News & Views item - May 2010

 

 

Royal Society's Incoming President and Winner Take All? (May 3, 2010)

The Council of the Royal Society announced on April 23 that it has recommended to the Fellows that Paul Nurse succeed Martin Rees as the society's president in November.

 

Professor Nurse, apart from his scientific and administrative credentials is noted for voicing his forthright opinions and he was true to form in an interview he gave The Times next day and which got published April 27.

 

You need a combination of special systems that attract and support those who are excellent [in conjunction with] rigorous reviews so that when they cease to be excellent, as many often are, they don't just hang on to those resources.

 

When challenged the 2001 Nobel Laureate told Nature: "The words didn't come out quite right, I do think there's a need to think about how one supports the very best science, which might need to be dealt with a little bit differently from the rest," and according to Nature's Geoff Brumfiel campaigning for greater support for the very best scientists in Britain is squarely on Professor Nurse' agenda.

 

As a trustee of the Howard Hughes Medical Institute he was involved in the institute's program which gives generous long-term support to researchers it considerers outstanding and who are judged will continue to do outstanding work.
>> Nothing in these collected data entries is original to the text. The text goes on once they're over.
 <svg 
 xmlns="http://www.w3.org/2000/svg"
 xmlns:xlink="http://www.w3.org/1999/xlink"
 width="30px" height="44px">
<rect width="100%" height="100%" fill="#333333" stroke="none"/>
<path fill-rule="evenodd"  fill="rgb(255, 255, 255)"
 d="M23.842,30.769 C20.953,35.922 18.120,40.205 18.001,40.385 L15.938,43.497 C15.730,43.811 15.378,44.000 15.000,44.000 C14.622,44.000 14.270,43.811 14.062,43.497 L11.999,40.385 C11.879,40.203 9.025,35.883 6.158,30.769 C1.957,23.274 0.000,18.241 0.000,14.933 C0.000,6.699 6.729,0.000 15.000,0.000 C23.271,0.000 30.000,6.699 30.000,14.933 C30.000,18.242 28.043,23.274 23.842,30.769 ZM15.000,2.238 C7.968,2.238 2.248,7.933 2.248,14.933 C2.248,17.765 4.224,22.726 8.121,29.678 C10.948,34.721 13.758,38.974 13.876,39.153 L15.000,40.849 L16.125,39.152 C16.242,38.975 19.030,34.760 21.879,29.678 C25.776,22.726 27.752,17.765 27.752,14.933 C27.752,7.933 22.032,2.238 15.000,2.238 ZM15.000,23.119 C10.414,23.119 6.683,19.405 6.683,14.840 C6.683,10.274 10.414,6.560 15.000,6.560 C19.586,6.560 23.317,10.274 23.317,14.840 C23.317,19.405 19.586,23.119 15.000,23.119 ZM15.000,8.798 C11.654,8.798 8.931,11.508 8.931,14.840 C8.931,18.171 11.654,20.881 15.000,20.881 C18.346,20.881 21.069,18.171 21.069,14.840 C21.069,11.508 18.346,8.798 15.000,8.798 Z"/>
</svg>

The money is granted to the individual and not for specific projects. The past November Britain's Welcome Trust undertook a similar initiative.

 

According to Mr Brumfiel: "Nurse says he would like to see something like this applied to government funding. He suggests that 100–150 leading researchers across all disciplines would receive enough money to fully fund their research, allowing them to hire staff and buy equipment. Their grants would be regularly reviewed to ensure that they were still producing work worthy of the support. Such a programme would cost only around £100 million to £200 million per year, he says, amounting to a few per cent of the UK government's science budget."

 

Of course the worry is just who would get what and how would it be decided. The recent move in Japan to increase the ratio of funding through competitive grants indicates the sort of pitfalls that need to be avoided.

 

As of 2009 only 13.8% of research funding was allocated through competitive grants, much of the rest being distributed through basic operating budgets award to university administrations. In an effort to increase value of research for money spent Nature reports that this year Japan's government has awarded "some of the biggest competitive grants Japanese researchers have ever seen. The 30 winning scientists will now have four years to spend an average of ¥3.3 billion (A$38 million) each, and will enjoy much greater autonomy under this 'researcher-focused' plan than that offered by previous grant programmes".

 

What exercises Nature's editorial writer is that "the programme could have been better planned. Consider, for example, that most of the 30... winners are already world-leading innovators — they include a Nobel laureate and some of the top-cited scientists in their fields. The majority of them were already the recipients of significant grants... it would have been encouraging to see some new faces. Because Japan's strategy for world-class innovation rewards researchers solely on the basis of their past success, it runs the risk of missing some excellent ideas from younger, less-established researchers... A proportion of the FIRST [Funding Program for World-Leading Innovative R&D on Science and Technology] money might arguably have been better spent on increasing the pot of money available through the already-existing mechanism for doling out small competitive grants."

 

While the problem of encouraging emerging talent maybe more acute in Japan than in Britain or Australia, it is still a matter of concern and it remains to be seen if once Professor Nurse assumes the RS presidency he will speak to it. And this brings to mind the matter of the the change in "command" at the Australian Academy of Science. Kurt Lambeck finishes his term as president later this year. Will  his successor be as forthright as Paul Nurse or indeed Australia's most recent Nobel Laureate who on a recent visit observed:

 

"I think there are tremendously good scientists in Australia but sometimes I just feel, are they really being able to run with it in the way they are capable of?" Professor Blackburn asked rhetorically of Mr Trounson, and went on to say that in the US, she benefited from a five-year grant that allowed her to follow her nose without having to write up "damn little" reports and catalogue milestones on a regular basis. "This was the perfect setting and I'm not aware that I would have been able to do that [here]." And to make sure she was getting her message across: "Short dribs and drabs" of money with tight constraints on basic research are in her opinion wasteful.

 

We live in hope.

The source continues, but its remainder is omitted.